I guess it is always a balance - I certainly agree that not thinking big
enough can be detrimental, but what I've found recently is that the small
successes I'm having are triggering off some thoughts that are months or years
away if they even ever happen, and I think taking too long to think about
things like that is not productive - it almost certainly won't happen the way
you're thinking it will, and it is time you are spending when you could be
doing valuable customer or product development.

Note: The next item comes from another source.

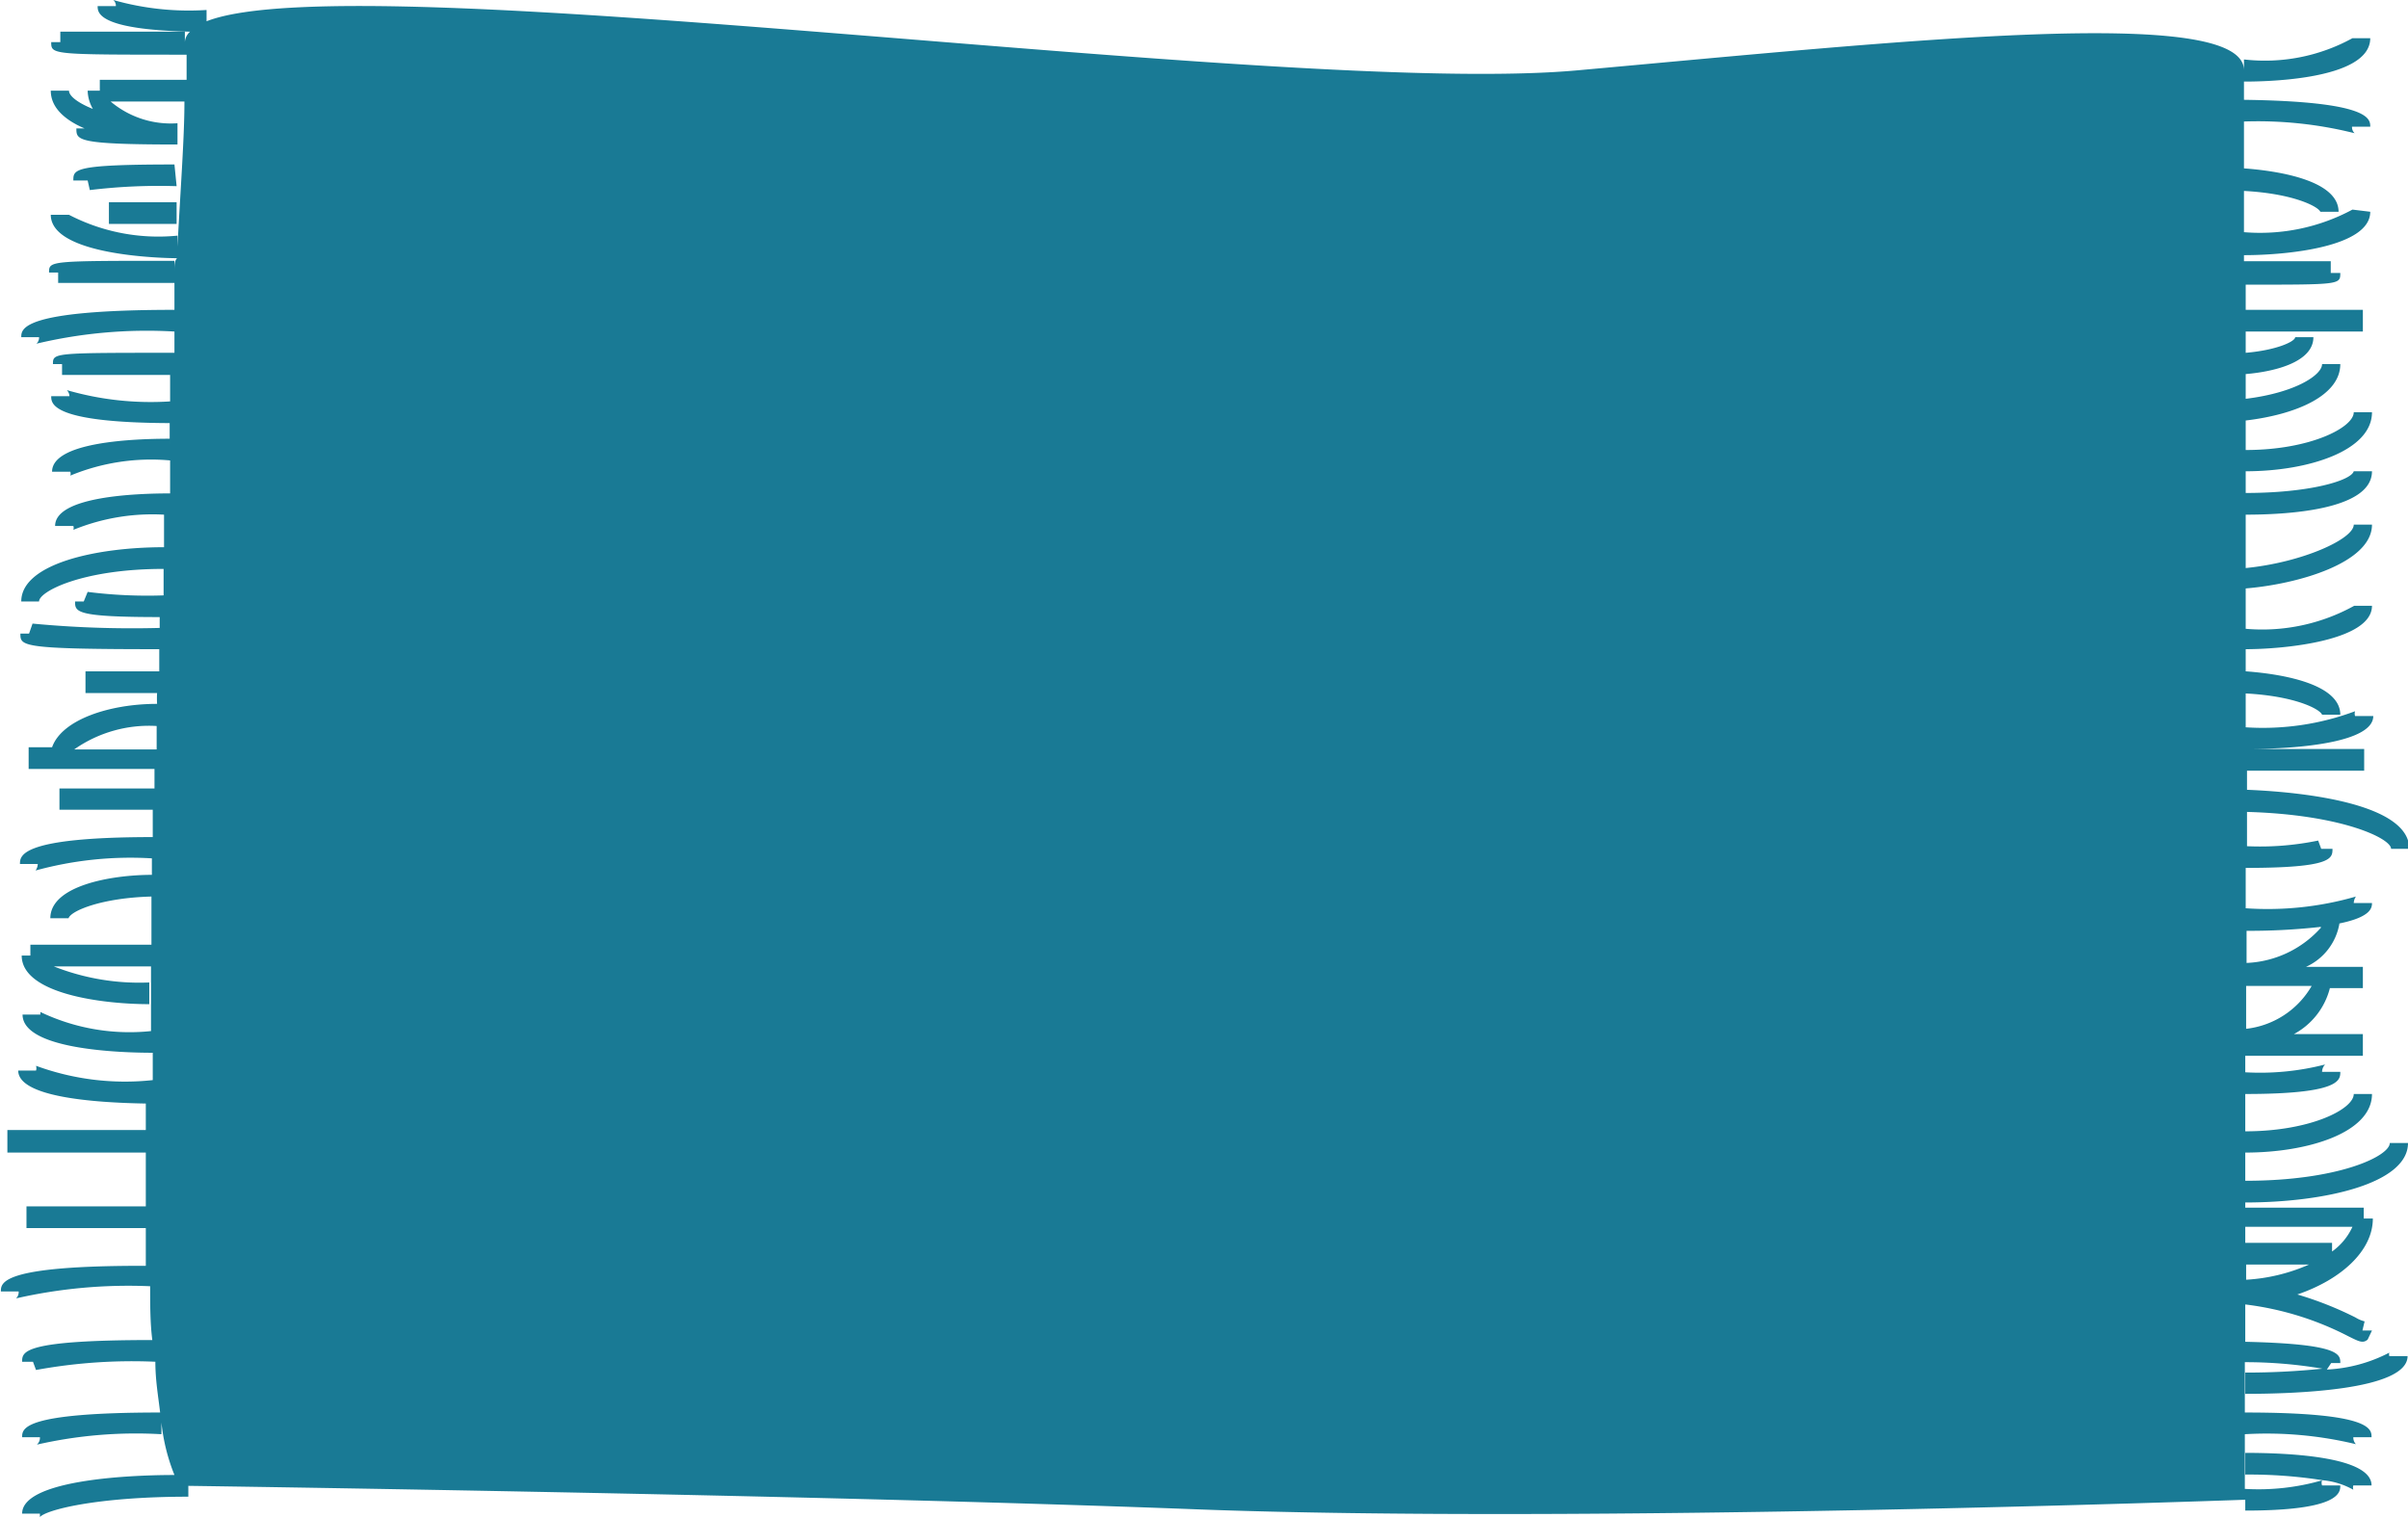 <svg id="Calque_2" data-name="Calque 2" xmlns="http://www.w3.org/2000/svg" viewBox="0 0 55.49 34.97"><defs><style>.cls-1{fill:#197a95;}</style></defs><title>tapis</title><path class="cls-1" d="M-7.26-6.07v-.26a6.36,6.36,0,0,1-2.15-.23.17.17,0,0,1,.06.14h-.42c0,.15,0,.54,2.13.59a.35.35,0,0,0-.12.24v-.24c-1.63,0-2.76,0-2.87,0l0,.24h-.21c0,.29,0,.29,3.12.29,0,.16,0,.35,0,.58h-2v.25H-10a.89.89,0,0,0,.12.42c-.35-.14-.55-.3-.55-.42h-.42c0,.38.31.67.78.87h-.19c0,.27,0,.37,2.33.37v-.49a2.15,2.15,0,0,1-1.54-.5h1.7c0,.83-.09,2-.16,3.34v-.25a4.47,4.47,0,0,1-2.5-.48h-.42c0,.94,2.58,1,2.91,1C-8-.55-8-.43-8-.3V-.55c-2.89,0-2.89,0-2.89.27h.21l0,.24H-8c0,.29,0,.58,0,.88V.58c-3.53,0-3.53.44-3.53.63h.41a.19.19,0,0,1-.06.15A11,11,0,0,1-8,1.08q0,.36,0,.75V1.57c-2.8,0-2.8,0-2.8.26h.21v.25H-8.1c0,.29,0,.58,0,.88V2.69a6.94,6.94,0,0,1-2.38-.26.2.2,0,0,1,.06.14h-.42c0,.17,0,.61,2.73.62,0,.2,0,.4,0,.61V3.55c-.82,0-2.71.07-2.71.76h.42a.13.13,0,0,1,0,.09,4.87,4.87,0,0,1,2.3-.35c0,.33,0,.67,0,1V4.81c-.8,0-2.65.07-2.65.75h.42a.13.13,0,0,1,0,.09A4.82,4.82,0,0,1-8.24,5.3c0,.34,0,.67,0,1V6.05c-1.59,0-3.29.39-3.29,1.25h.41c0-.23,1-.75,2.87-.75,0,.29,0,.58,0,.87V7.16A10.94,10.94,0,0,1-10,7.08l-.09.22h-.2c0,.24,0,.36,1.95.36,0,.16,0,.33,0,.49V7.91a24.2,24.2,0,0,1-2.93-.1l-.08.23h-.2c0,.29,0,.36,3.2.36,0,.17,0,.34,0,.51h-1.7v.5H-8.4a2.09,2.09,0,0,0,0,.25c-1.11,0-2.2.37-2.42,1h-.54v.5h2.9c0,.15,0,.3,0,.45h-2.19v.49H-8.5c0,.21,0,.42,0,.63-3.06,0-3.06.43-3.06.62h.41a.28.28,0,0,1-.05.15,8.26,8.26,0,0,1,2.68-.28c0,.13,0,.25,0,.38-.94,0-2.34.25-2.34,1h.42c.05-.17.76-.47,1.91-.5l0,1.4v-.29h-2.79v.25h-.2c0,.88,1.85,1.12,2.94,1.12v-.5a5.36,5.36,0,0,1-2.2-.37h2.24q0,.91,0,1.8v-.31a4.76,4.76,0,0,1-2.55-.44.35.35,0,0,1,0,.06h-.41c0,.81,2.26.88,3,.88,0,.21,0,.42,0,.63A5.94,5.94,0,0,1-11.19,18a.18.18,0,0,1,0,.11h-.41c0,.61,1.73.74,2.94.76v.61h-3.19V20h3.19c0,.43,0,.84,0,1.24h-2.75v.5h2.75c0,.3,0,.59,0,.87C-12,22.6-12,23-12,23.2h.41a.2.2,0,0,1-.06.16,11.69,11.69,0,0,1,3.09-.28c0,.44,0,.85.05,1.24-3,0-3,.27-3,.5h.25l.07.19a12.26,12.26,0,0,1,2.75-.19c0,.43.07.82.11,1.17-3.18,0-3.18.37-3.18.57h.41a.21.21,0,0,1-.07.17,10.26,10.26,0,0,1,2.87-.24v-.27a4.45,4.45,0,0,0,.3,1.21c-1.26,0-3.51.15-3.51.89h.41c0,.05,0,.07,0,.08.13-.16,1.28-.47,3.42-.47v-.25s14.33.2,23.21.54S39.72,28,39.72,28v.25c2.19,0,2.19-.42,2.19-.58h-.42a.17.17,0,0,1,0-.12,1.76,1.76,0,0,1,.72.22.17.17,0,0,1,0-.1h.42c0-.65-1.82-.75-2.91-.75v.5a10.93,10.93,0,0,1,1.78.13,5.3,5.3,0,0,1-1.79.2V26.49a8.76,8.76,0,0,1,2.56.23.22.22,0,0,1-.06-.16h.42c0-.19,0-.57-2.92-.57V24.83a10.65,10.65,0,0,1,1.79.15,17.21,17.21,0,0,1-1.78.09v.49c1.12,0,3.74-.08,3.74-.87h-.42a.12.12,0,0,1,0-.08A3.48,3.48,0,0,1,41.6,25l.1-.15h.21c0-.2,0-.44-2.19-.49v-.86a7,7,0,0,1,2.37.73c.26.13.34.17.45.08l.1-.21h-.22l0,0,.05-.21a.74.74,0,0,1-.21-.09,8,8,0,0,0-1.34-.53c1-.34,1.74-1,1.74-1.75h-.21v-.25H39.72v-.12c1.81,0,3.75-.43,3.75-1.37h-.42c0,.3-1.17.87-3.33.87V20c1.45,0,2.92-.46,2.92-1.35h-.42c0,.35-1,.86-2.5.86v-.86c2.19,0,2.19-.32,2.19-.51h-.42a.25.25,0,0,1,.07-.17,6,6,0,0,1-1.84.18v-.38h2.71v-.5H40.84a1.67,1.67,0,0,0,.83-1.06h.76v-.49H41.12a1.34,1.34,0,0,0,.77-1c.74-.15.75-.37.75-.47h-.42a.28.28,0,0,1,.05-.15,7.34,7.34,0,0,1-2.54.27v-.93c2,0,2-.22,2-.44h-.26l-.07-.19a6.6,6.6,0,0,1-1.64.13v-.79c2.18.06,3.32.61,3.32.85h.42c0-1-2.25-1.3-3.74-1.36V11.2h2.7v-.5h-2.7v0c1.24,0,2.91-.16,2.91-.76h-.42a.18.18,0,0,1,0-.11,6.08,6.08,0,0,1-2.52.37V9.42c1.14.06,1.71.36,1.76.49h.42c0-.68-1.23-.93-2.18-1V8.4c.91,0,2.91-.2,2.91-1l-.41,0a4.38,4.38,0,0,1-2.5.53V7c1.21-.1,2.91-.59,2.91-1.47h-.42c0,.33-1.18.87-2.49,1V5.3c.88,0,2.91-.09,2.91-1h-.42c-.06.21-1,.5-2.49.5V4.3c1.44,0,2.91-.47,2.91-1.36h-.42c0,.35-1,.87-2.49.87V3.13c1.18-.14,2.18-.58,2.18-1.3h-.42c0,.25-.61.66-1.76.8V2.06c.71-.06,1.56-.29,1.56-.85l-.42,0c0,.1-.43.3-1.14.36V1.08h2.7V.58h-2.7V0c2.18,0,2.18,0,2.18-.27h-.22V-.54h-2V-.68c1,0,2.91-.19,2.91-1l-.41-.05a4.49,4.49,0,0,1-2.5.52v-.95c1.14.06,1.71.36,1.76.48h.42c0-.68-1.23-.93-2.18-1V-3.76a9.17,9.17,0,0,1,2.55.27.19.19,0,0,1-.06-.15h.42c0-.18,0-.58-2.91-.62v-.42c.3,0,2.91,0,2.91-1l-.41,0a4.19,4.19,0,0,1-2.5.49v.25c0-1.53-7.92-.67-15.35,0C17.57-4.32-3.76-7.44-7.26-6.07Zm47,28.65h1.45a4.17,4.17,0,0,1-1.45.35Zm2.45-.87a1.43,1.43,0,0,1-.47.57v-.2h-2v-.37Zm-52.5-11a3,3,0,0,1,1.9-.54c0,.18,0,.36,0,.54Zm50.05,6.45v-1h1.51A2,2,0,0,1,39.72,17.15Zm1.73-2.35a2.43,2.43,0,0,1-1.72.82v-.74A14.84,14.84,0,0,0,41.45,14.8Z" transform="translate(12.02 6.56)"/><rect class="cls-1" x="2.51" y="4.66" width="1.56" height="0.5"/><path class="cls-1" d="M-8-2.77c-2.33,0-2.33.11-2.33.37H-10l.05.22a13.19,13.19,0,0,1,2-.09Z" transform="translate(12.02 6.56)"/></svg>

Love your point about not having your idea of success set in stone. I agree
it's very good to be open-minded so you can take advantages of opportunities
you might not have seen coming. That could well be another reason not to think
too much about your own ambitious thoughts, since the more you think about
them the more likely you are to have your mind set on that "success" and not
grab other opportunities when they arise.

A very interesting subject overall I think - overall a balance is required. I
think it's perhaps a continual flip-flop of thinking ambitiously too much and
not enough until you find a nice medium which suits your own personality and
allows you to be productive whilst still staying motivated by where you could
get to.

------
Wolf_Larsen
Yes, well put.

It helps me to act like a robot. I put the Machinarium soundtrack on and treat
those oncoming emotions as voltage spikes and work at a steady level with my
hands shaking and a maniacal grin fighting it's way to visibility.

Another real problem with the spikes of excitement (besides the authors point
that it wastes time) is that the spike has to level out. Instead of working on
the project with a steady force, you sprint and crash which is ineffiecent for
our brains.

------
saadshamim
Glad to see I'm not alone in my "self defeating" thoughts